If I have a CFF source file as stream input to a Transformer (TFM) and have 8 destination SEQ files based on a contsraint in the TFM, how would performance differ should I rewrite the job to have the source file stream into a TFM1, and from there have two 3 outputs, 2 constrained (to SEQ files) on the column and the other a [Reject] output. I continue with this process until I have 4 TFM stages each (except the last) with two SEQ destinations and the third the [reject] output.
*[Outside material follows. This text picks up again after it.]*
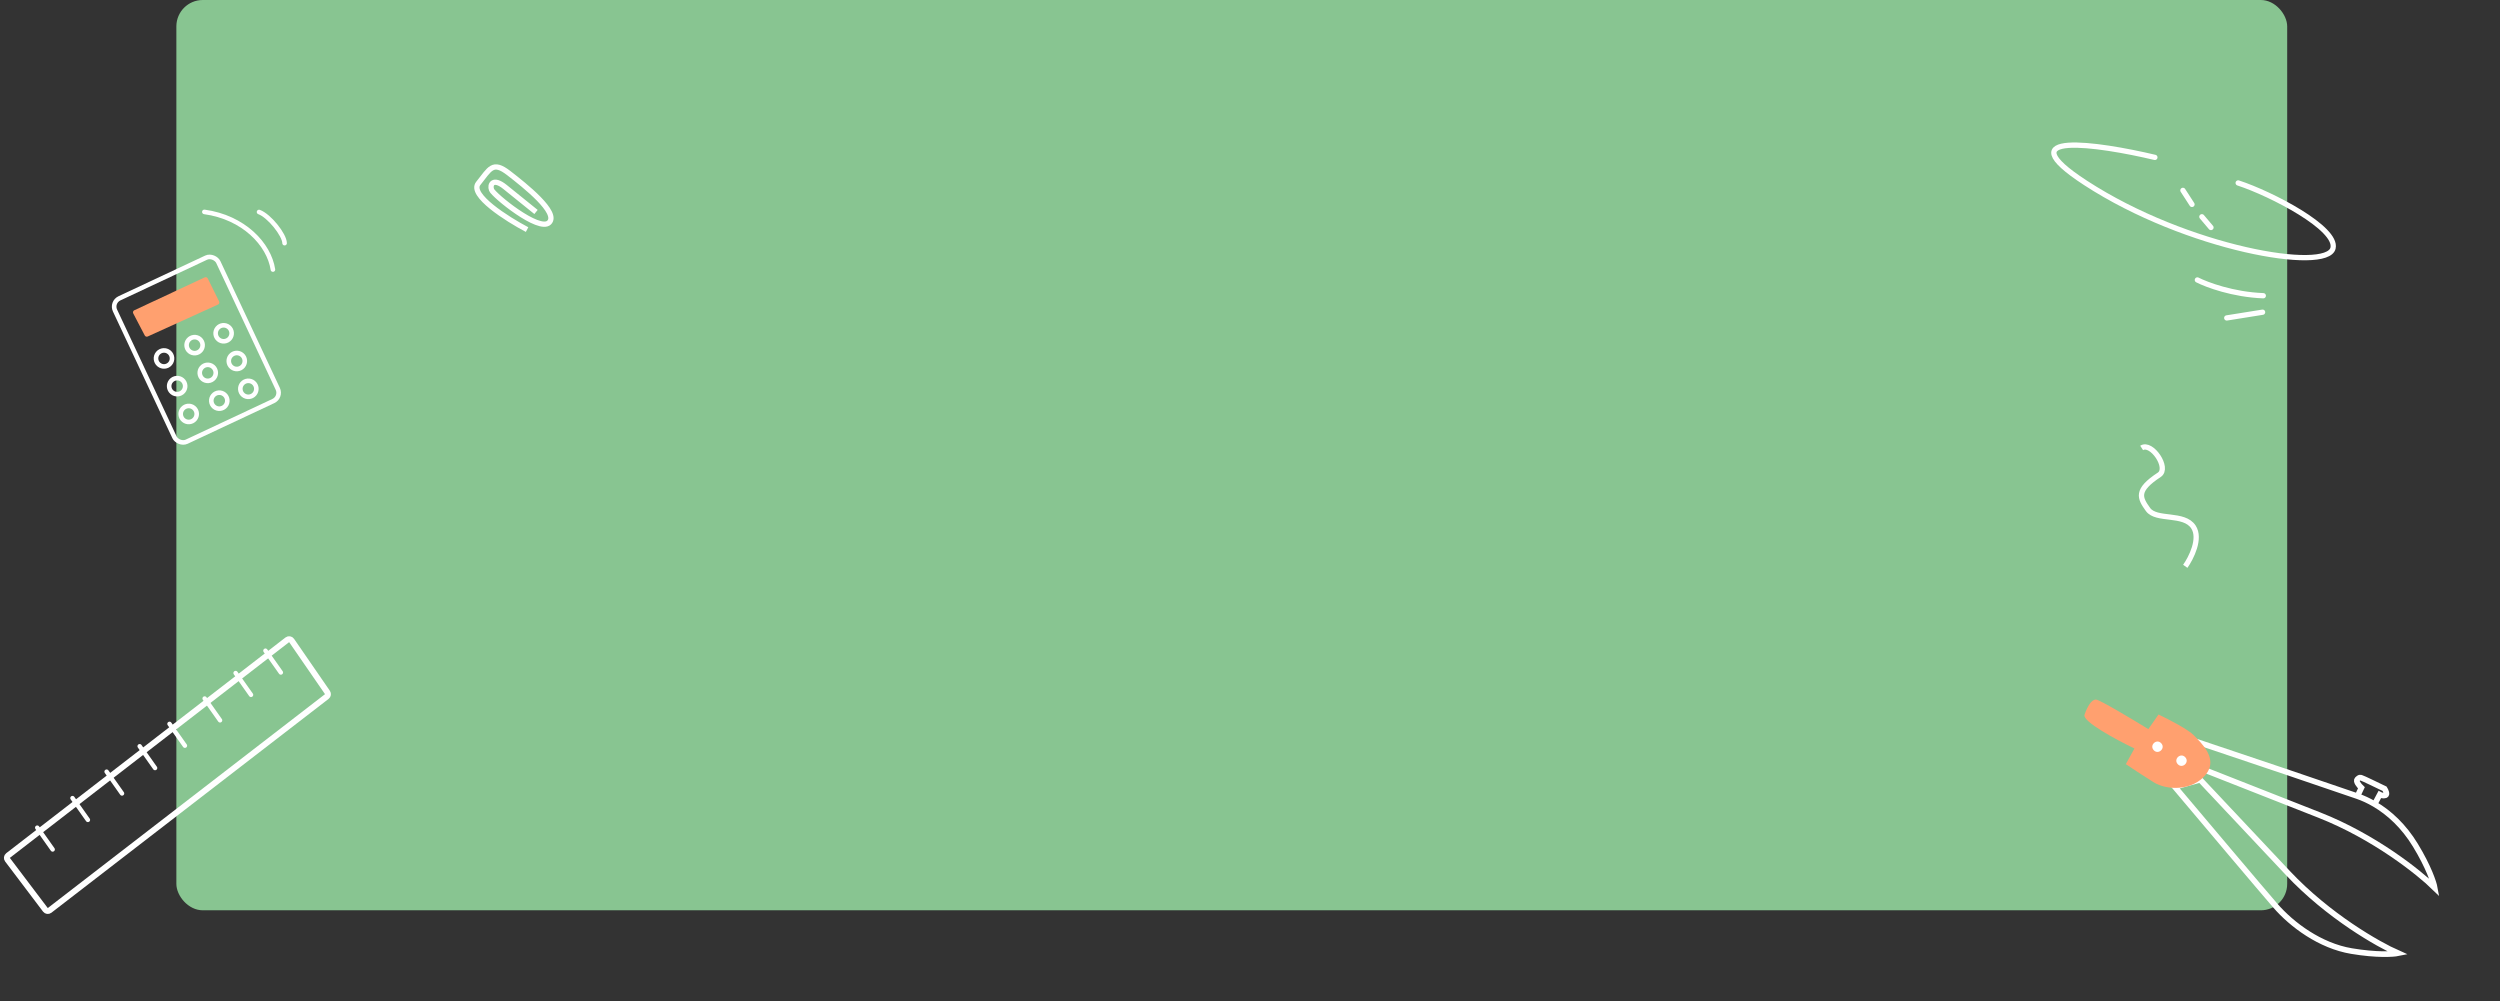 <?xml version="1.0" encoding="UTF-8"?> <svg xmlns="http://www.w3.org/2000/svg" width="1895" height="759" viewBox="0 0 1895 759" fill="none"><rect x="0" y="0" width="1895" height="759" fill="#333333" stroke="none"/> <rect x="133.686" width="1600" height="690" rx="20" fill="#88C591"></rect> <path d="M399.529 174.027C384.268 165.986 355.505 147.721 362.548 138.991C371.35 128.079 373.322 121.664 385.642 131.202C397.962 140.74 423.861 161.231 416.24 168.694C408.619 176.156 374.14 147.942 372.6 143.897C371.059 139.852 373.806 134.463 382.778 141.7C389.955 147.49 401.449 156.762 406.298 160.674" stroke="white" stroke-width="4"></path> <rect x="84.23" y="229.089" width="86.484" height="120.029" rx="6.943" transform="rotate(-25.132 84.23 229.089)" stroke="white" stroke-width="3.472"></rect> <path d="M155.186 210.259L101.794 235.183C100.898 235.601 100.532 236.683 100.99 237.559L109.724 254.282C110.151 255.099 111.142 255.44 111.981 255.059L165.248 230.851C166.141 230.446 166.52 229.382 166.086 228.502L157.477 211.063C157.059 210.217 156.041 209.859 155.186 210.259Z" fill="#FFA06F"></path> <circle cx="143.039" cy="313.788" r="6.075" transform="rotate(-49.936 143.039 313.788)" stroke="white" stroke-width="3.472"></circle> <circle cx="124.321" cy="271.693" r="6.075" transform="rotate(-49.936 124.321 271.693)" stroke="white" stroke-width="3.472"></circle> <circle cx="147.517" cy="261.621" r="6.075" transform="rotate(-49.936 147.517 261.621)" stroke="white" stroke-width="3.472"></circle> <circle cx="169.519" cy="252.637" r="6.075" transform="rotate(-49.936 169.519 252.637)" stroke="white" stroke-width="3.472"></circle> <circle cx="134.286" cy="292.695" r="6.075" transform="rotate(-49.936 134.286 292.695)" stroke="white" stroke-width="3.472"></circle> <circle cx="157.481" cy="282.623" r="6.075" transform="rotate(-49.936 157.481 282.623)" stroke="white" stroke-width="3.472"></circle> <circle cx="179.482" cy="273.639" r="6.075" transform="rotate(-49.936 179.482 273.639)" stroke="white" stroke-width="3.472"></circle> <circle cx="166.234" cy="303.717" r="6.075" transform="rotate(-49.936 166.234 303.717)" stroke="white" stroke-width="3.472"></circle> <circle cx="188.236" cy="294.733" r="6.075" transform="rotate(-49.936 188.236 294.733)" stroke="white" stroke-width="3.472"></circle> <path d="M154.908 160.625C184.646 164.718 203.962 185.147 206.873 204.329" stroke="white" stroke-width="3.472" stroke-linecap="round"></path> <path d="M196.351 160.696C203.975 163.447 215.626 177.953 215.72 184.308" stroke="white" stroke-width="3.472" stroke-linecap="round"></path> <path d="M34.417 689.657L5.664 651.635C4.922 650.653 5.109 649.256 6.083 648.504L217.795 484.966C218.813 484.179 220.284 484.409 221.015 485.468L248.209 524.905C248.886 525.888 248.677 527.228 247.732 527.957L37.579 690.081C36.59 690.843 35.17 690.653 34.417 689.657Z" stroke="white" stroke-width="4.489"></path> <path d="M39.905 643.886L28.235 627.368" stroke="white" stroke-width="3.367" stroke-linecap="round"></path> <path d="M66.619 621.481L54.948 604.963" stroke="white" stroke-width="3.367" stroke-linecap="round"></path> <path d="M92.484 601.437L80.813 584.919" stroke="white" stroke-width="3.367" stroke-linecap="round"></path> <path d="M117.537 582.167L105.867 565.649" stroke="white" stroke-width="3.367" stroke-linecap="round"></path> <path d="M140.156 565.225L128.485 548.707" stroke="white" stroke-width="3.367" stroke-linecap="round"></path> <path d="M166.796 545.995L155.125 529.477" stroke="white" stroke-width="3.367" stroke-linecap="round"></path> <path d="M190.263 526.688L178.592 510.17" stroke="white" stroke-width="3.367" stroke-linecap="round"></path> <path d="M212.881 509.746L201.211 493.228" stroke="white" stroke-width="3.367" stroke-linecap="round"></path> <path d="M1665.61 212.206C1672.67 215.828 1692.55 223.288 1715.58 224.157" stroke="white" stroke-width="4" stroke-linecap="round"></path> <path d="M1687.88 240.997L1715.04 236.651" stroke="white" stroke-width="4" stroke-linecap="round"></path> <path d="M1696.54 138.679C1721.96 147.015 1771.94 173.065 1768.44 188.07C1764.06 206.826 1657.78 188.695 1580.88 138.679C1519.36 98.667 1590.25 109.087 1633.39 119.298" stroke="white" stroke-width="4" stroke-linecap="round"></path> <path d="M1654.65 144.306L1661.53 154.934" stroke="white" stroke-width="4" stroke-linecap="round"></path> <path d="M1669.03 164.312L1675.91 172.44" stroke="white" stroke-width="4" stroke-linecap="round"></path> <path d="M1724.69 686.459C1714.6 674.823 1669.7 621.608 1648.51 596.456L1667.74 591.058L1734.17 661.705C1764.95 694.45 1802.73 715.903 1817.78 722.536C1813.94 723.326 1801.5 724.104 1782.44 720.904C1758.6 716.904 1737.31 701.004 1724.69 686.459Z" stroke="white" stroke-width="4.284"></path> <path d="M1786.94 603.487C1772.39 598.419 1696.89 572.805 1665.67 562.449L1667.78 582.303C1680.44 587.283 1716.2 601.357 1758.02 617.818C1799.84 634.279 1833.77 661.417 1845.51 672.929C1844.82 669.074 1840.93 657.233 1830.89 640.71C1821.97 626.031 1810.88 615.975 1799.98 609.566M1786.94 603.487L1789.94 597.155C1788.29 595.584 1785.37 592.098 1786.84 590.723C1788.66 589.004 1788.76 589.313 1790.03 589.648C1791.05 589.916 1802.12 595.247 1807.53 597.879C1808.41 599.287 1809.77 602.248 1808.17 602.83C1806.57 603.412 1804.62 602.721 1803.85 602.302L1799.98 609.566M1786.94 603.487C1791.15 604.953 1795.55 606.957 1799.98 609.566" stroke="white" stroke-width="4.284"></path> <path d="M1617.9 567.351L1611.38 579.207C1614.92 581.613 1624.07 587.718 1632.37 592.895C1642.75 599.367 1661.95 599.465 1671.92 587.222C1681.89 574.979 1668.24 562.993 1662.99 557.418C1658.8 552.958 1643.36 545.002 1636.17 541.581L1628.44 552.663C1616.37 545.238 1591.53 530.365 1588.77 530.28C1585.33 530.174 1582.22 535.492 1580.05 541.824C1578.32 546.889 1604.56 560.952 1617.9 567.351Z" fill="#FFA06F"></path> <circle cx="1635.37" cy="566.018" r="3.873" transform="rotate(-43.238 1635.37 566.018)" fill="white"></circle> <circle cx="1653.58" cy="576.608" r="3.873" transform="rotate(-43.238 1653.58 576.608)" fill="white"></circle> <path d="M1623.37 339.546C1630.8 334.675 1644.54 354.78 1636.71 359.907C1618.75 371.681 1621.9 377.45 1628.2 386.199C1634.49 394.948 1655.45 388.49 1662.63 399.454C1668.38 408.225 1660.89 422.986 1656.43 429.27" stroke="white" stroke-width="4"></path> </svg>

I could of course add IPC stages between all reads and writes, which may improve performance, but I am more concerned about how the design of a job that does the above affects performance. I suppose I am looking for best practice.
So, from:
Code: Select all
CFF ---- TFM ---- SEQ1
---- SEQ2
---- SEQ3
---- SEQ4
---- SEQ5
---- SEQ6
---- SEQ7
---- SEQ8
Code: Select all
CFF ---- TFM1 ---- SEQ1
---- SEQ2
---- TFM2
---- SEQ3
---- SEQ4
---- TFM3
---- SEQ5
---- SEQ6
---- TFM4
---- SEQ7
---- SEQ8
To the eye, it is a lot more appeasing looking at a simple job than a complex design of links and stages.
The number of rows in the source file is 40 million. I must add that the CFF has 19 columns of which I am only interested in 14. The first TFM omits the columns I dont require in the process.